> _How to complete this task_
Without changing a word, copy every line of the listing below and leave out the images.

++++++

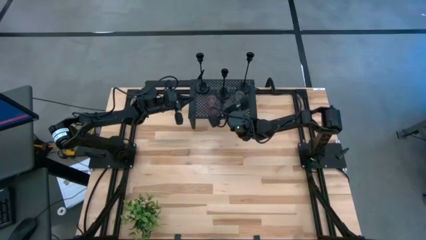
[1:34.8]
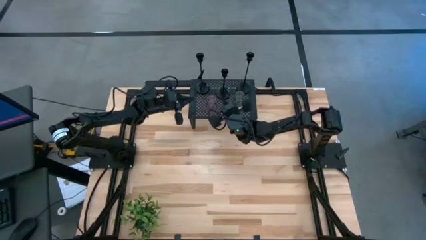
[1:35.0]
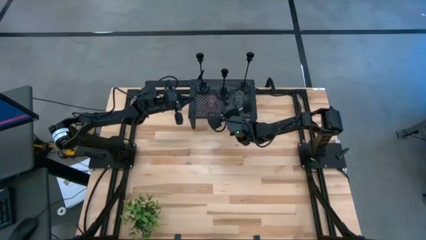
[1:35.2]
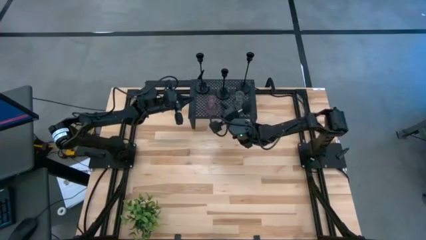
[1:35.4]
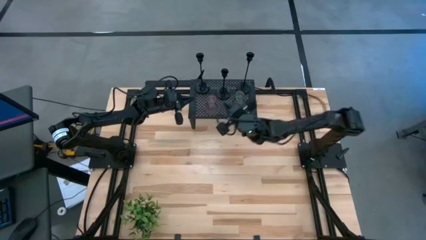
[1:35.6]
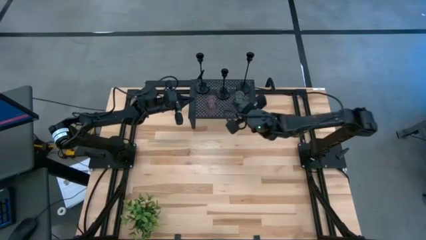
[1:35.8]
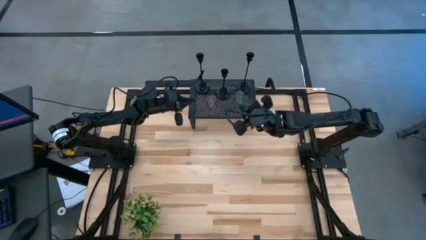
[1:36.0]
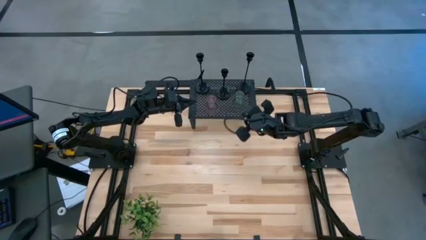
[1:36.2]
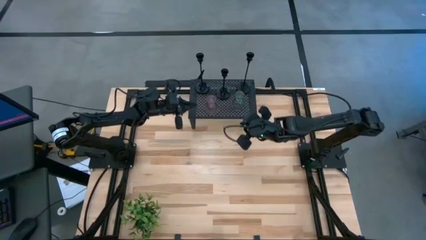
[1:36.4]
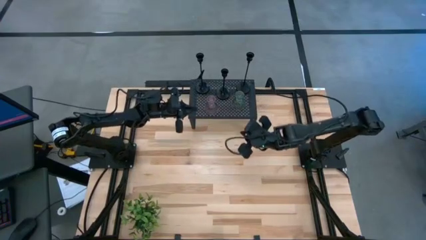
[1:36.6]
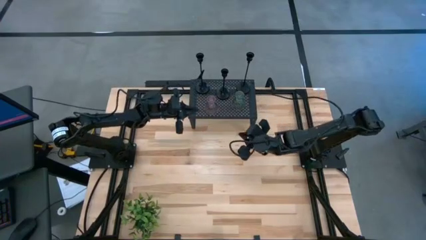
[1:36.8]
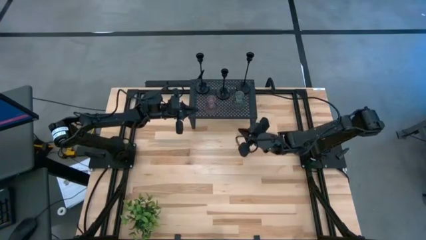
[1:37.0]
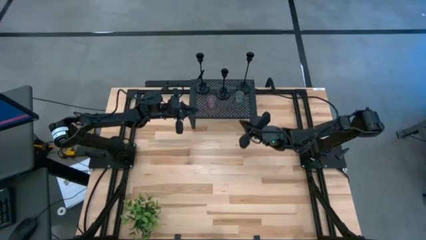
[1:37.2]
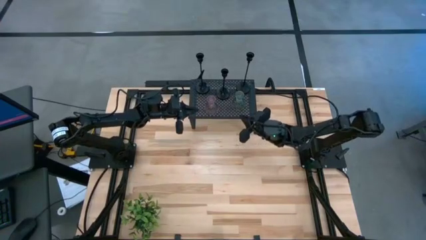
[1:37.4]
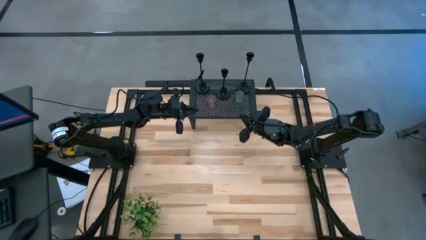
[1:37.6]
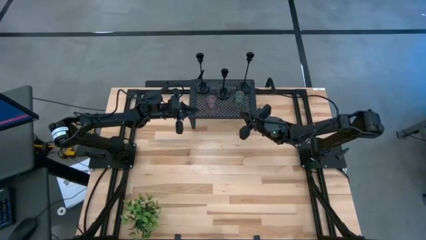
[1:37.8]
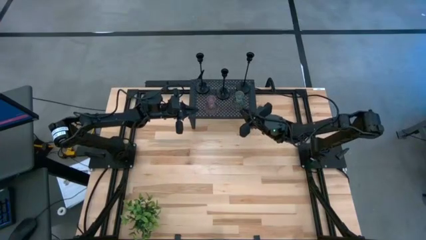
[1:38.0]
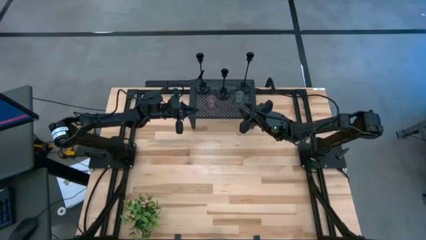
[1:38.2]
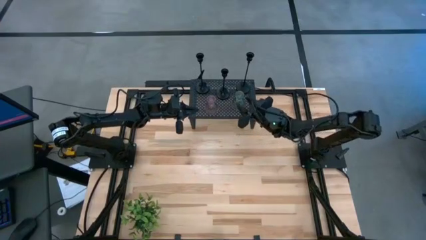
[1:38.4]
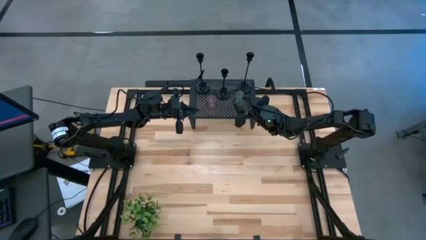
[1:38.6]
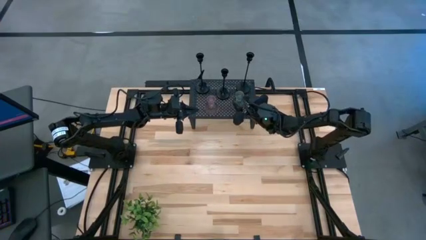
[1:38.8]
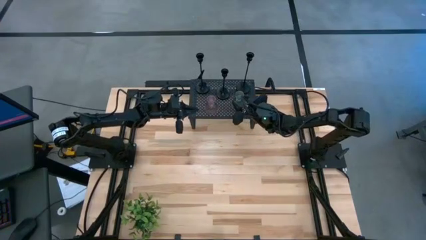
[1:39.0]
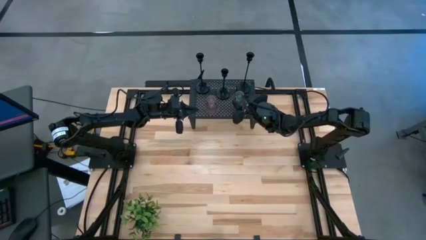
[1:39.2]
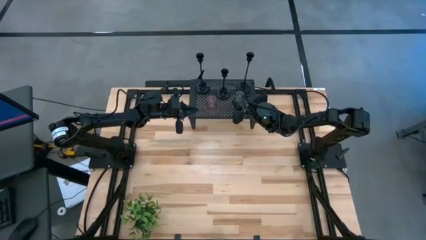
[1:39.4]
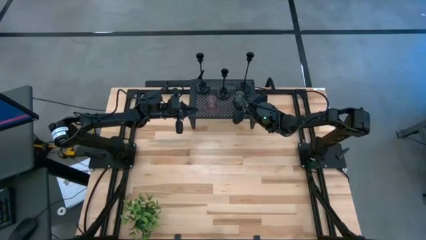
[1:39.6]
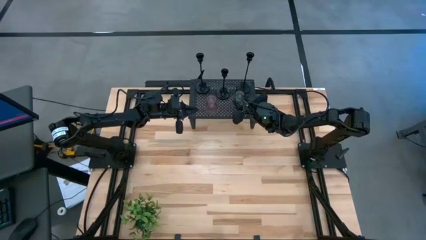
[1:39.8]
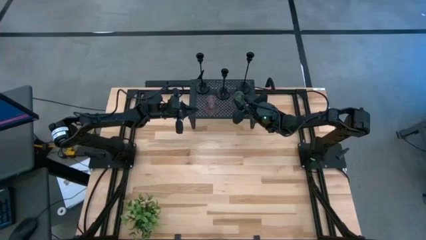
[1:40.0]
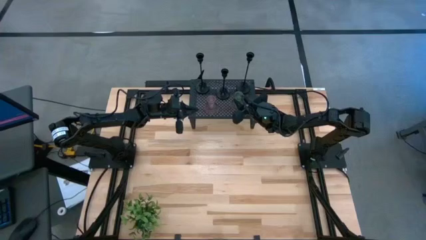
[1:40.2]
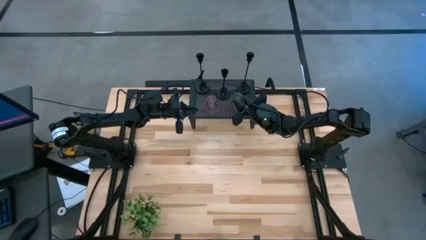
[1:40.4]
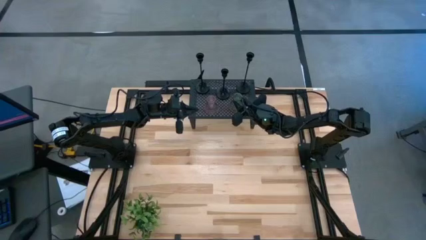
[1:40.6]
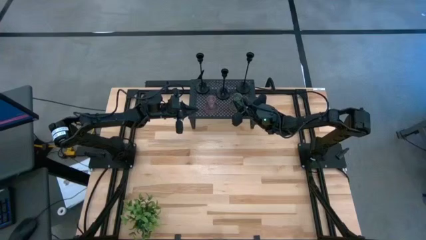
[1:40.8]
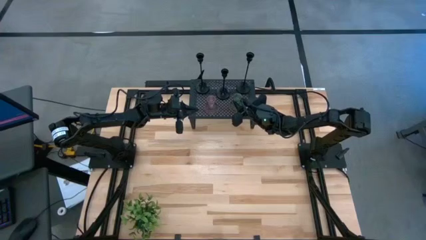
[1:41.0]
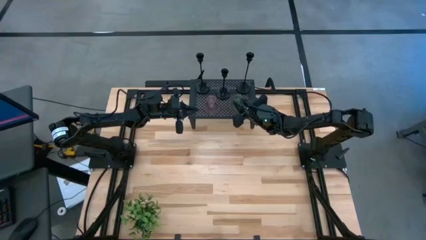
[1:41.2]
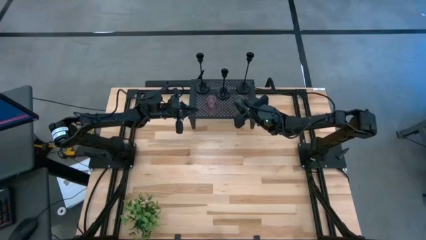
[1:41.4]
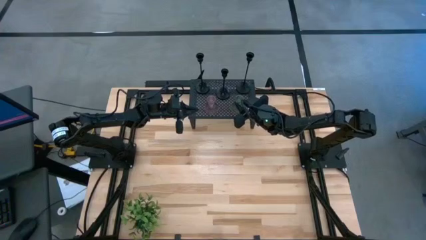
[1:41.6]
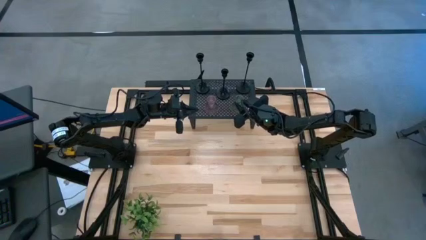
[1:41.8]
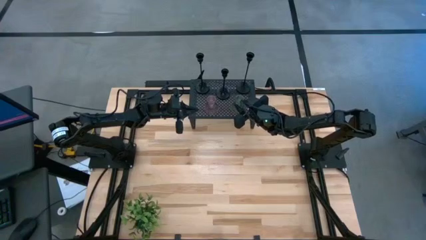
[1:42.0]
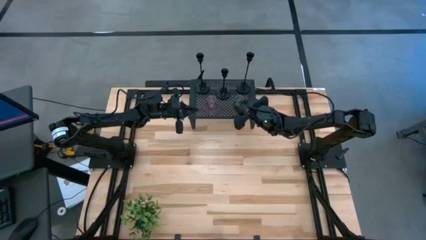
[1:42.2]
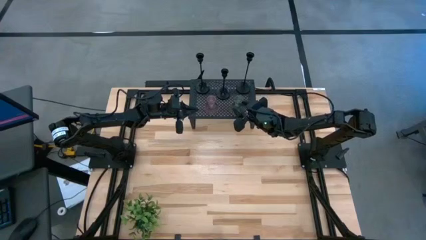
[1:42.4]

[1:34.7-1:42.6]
Task: Pick & Place candle stick holders
Adjust the green candle holder on the shelf

++++++

> _Result of this exercise_
[1:34.8]
[1:35.0]
[1:35.2]
[1:35.4]
[1:35.6]
[1:35.8]
[1:36.0]
[1:36.2]
[1:36.4]
[1:36.6]
[1:36.8]
[1:37.0]
[1:37.2]
[1:37.4]
[1:37.6]
[1:37.8]
[1:38.0]
[1:38.2]
[1:38.4]
[1:38.6]
[1:38.8]
[1:39.0]
[1:39.2]
[1:39.4]
[1:39.6]
[1:39.8]
[1:40.0]
[1:40.2]
[1:40.4]
[1:40.6]
[1:40.8]
[1:41.0]
[1:41.2]
[1:41.4]
[1:41.6]
[1:41.8]
[1:42.0]
[1:42.2]
[1:42.4]

[1:34.7-1:42.6]
Task: Pick & Place candle stick holders
Adjust the green candle holder on the shelf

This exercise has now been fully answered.